All along, Kunpittaya stayed connected with his Columbia mentors. Even when events were all driven online by the pandemic, the entrepreneurship office continued to host events, startup bootcamps, and AMAs (Ask Me Anything) with successful alumni and other keynote speakers. Kunpittaya found himself in constant virtual communication with the entrepreneurship office, which proved a big help in getting the project off the ground.

“In some ways, I think Jern and others like Jern have made the best of the pandemic, where they've been able to just take some of that learning about how to pitch, how to grow their product and use it in the real world,” Vasquez said.

Ivy Schultz, director of the engineering school’s entrepreneurship programs, said whether their office stays actively involved with a venture project, via competitions and ignition grants, or if they simply offer founders advice or a new perspective, it’s all part of the bigger mission.

“In general, we meet these startups at an early stage in their development,” Schultz said. “To later watch engineers become successful, knowing we helped, is a great feeling.”

We meet these startups at an early stage in their development.

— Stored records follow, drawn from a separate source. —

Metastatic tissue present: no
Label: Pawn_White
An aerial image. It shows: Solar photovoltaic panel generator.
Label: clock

To later watch engineers become successful, knowing we helped, is a great feeling.

Ivy Schultz
Director of Entrepreneurship

Working with his three co-founders Ohm Katekaew, Por Sriwichailumpun, and Poom Wachiramethakon, Kunpittaya said Edge Protocol’s first beta release in February has already generated significant interest. Crypto enthusiasts have put $50 million in cryptocurrency onto their protocol apparatus in its first few weeks. The team is planning to release their full product sometime in the middle of this year.

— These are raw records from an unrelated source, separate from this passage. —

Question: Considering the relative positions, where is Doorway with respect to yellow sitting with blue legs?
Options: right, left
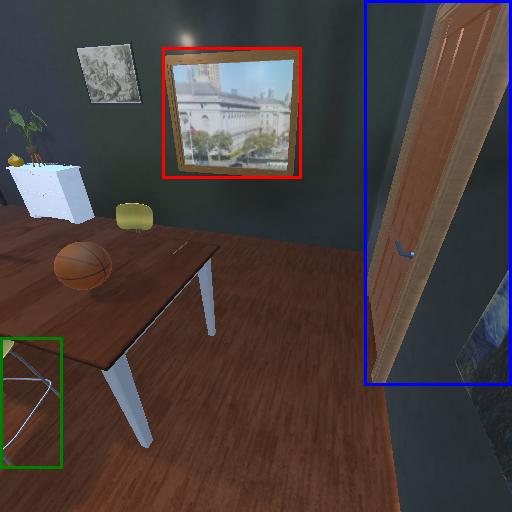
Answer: right
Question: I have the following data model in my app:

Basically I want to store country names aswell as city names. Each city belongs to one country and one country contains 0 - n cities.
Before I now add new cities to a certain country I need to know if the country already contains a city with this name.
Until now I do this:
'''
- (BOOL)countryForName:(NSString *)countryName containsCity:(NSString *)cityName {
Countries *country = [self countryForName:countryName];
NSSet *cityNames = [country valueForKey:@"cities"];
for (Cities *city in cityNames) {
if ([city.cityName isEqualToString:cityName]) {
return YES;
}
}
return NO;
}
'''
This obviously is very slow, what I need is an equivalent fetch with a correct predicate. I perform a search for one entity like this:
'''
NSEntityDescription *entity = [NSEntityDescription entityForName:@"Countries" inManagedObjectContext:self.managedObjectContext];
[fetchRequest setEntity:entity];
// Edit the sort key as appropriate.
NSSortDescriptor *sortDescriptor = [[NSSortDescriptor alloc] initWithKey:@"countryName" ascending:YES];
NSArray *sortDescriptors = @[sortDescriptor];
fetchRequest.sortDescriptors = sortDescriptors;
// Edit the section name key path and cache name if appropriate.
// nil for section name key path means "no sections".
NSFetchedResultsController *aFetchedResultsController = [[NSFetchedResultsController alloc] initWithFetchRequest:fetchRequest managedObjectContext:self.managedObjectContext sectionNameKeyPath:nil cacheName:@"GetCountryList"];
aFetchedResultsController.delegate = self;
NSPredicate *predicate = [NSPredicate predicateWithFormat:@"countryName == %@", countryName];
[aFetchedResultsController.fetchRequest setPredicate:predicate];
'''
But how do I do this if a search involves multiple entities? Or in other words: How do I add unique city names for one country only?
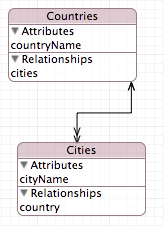
Answer: If you want to check that a given country object already contains a city with a name,
you can do
'''
Countries *country = ...
NSString *cityName = ...
if ([[country valueForKeyPath:@"cities.name"] containsObject:cityName]) {
// ...
}
'''
Or, using a fetch request:
'''
NSString *countryName = ...
NSString *cityName = ...
NSFetchRequest *fetchRequest = [NSFetchRequest fetchRequestWithEntityName:@"Countries"];
NSPredicate *predicate = [NSPredicate predicateWithFormat:@"countryName == %@ AND ANY cities.cityName == %@", countryName, cityName];
[fetchRequest setPredicate:predicate];
NSError *error;
NSUInteger count = [self.managedObjectContext countForFetchRequest:fetchRequest error:&error];
if (count == NSNotFound) {
// error
} else if (count == 0) {
// no matching country
} else {
// at least one matching country
}
'''
Note that a 'NSFetchedResultsController' is normally used to display the contents of a
fetch request in a table view, so it is not needed here.

“Right now, we are partnering with protocols because we want to showcase how it is for actual people to create their own money markets,” he said, though added that, in the next few years, Edge Protocol will extend to community-owned money markets and beyond.

Despite the long hours spent on this product, Kunpittaya said he appreciates applying what he’s learning in the classroom directly to his work in crypto, whether it's finding new processes for organizing and formalizing his thoughts or boiling down big ideas into comprehensive, tangible products. 

It’s something that Vasquez said is a major part of what the entrepreneurship office hopes to achieve with the students who walk through their doors, whether virtual or otherwise.

“Entrepreneurship is considered co-curricular, which means some of the programming that our office does aligns with what students are learning, or helps some of the research happening in the lab to translate into real world impact,” he said.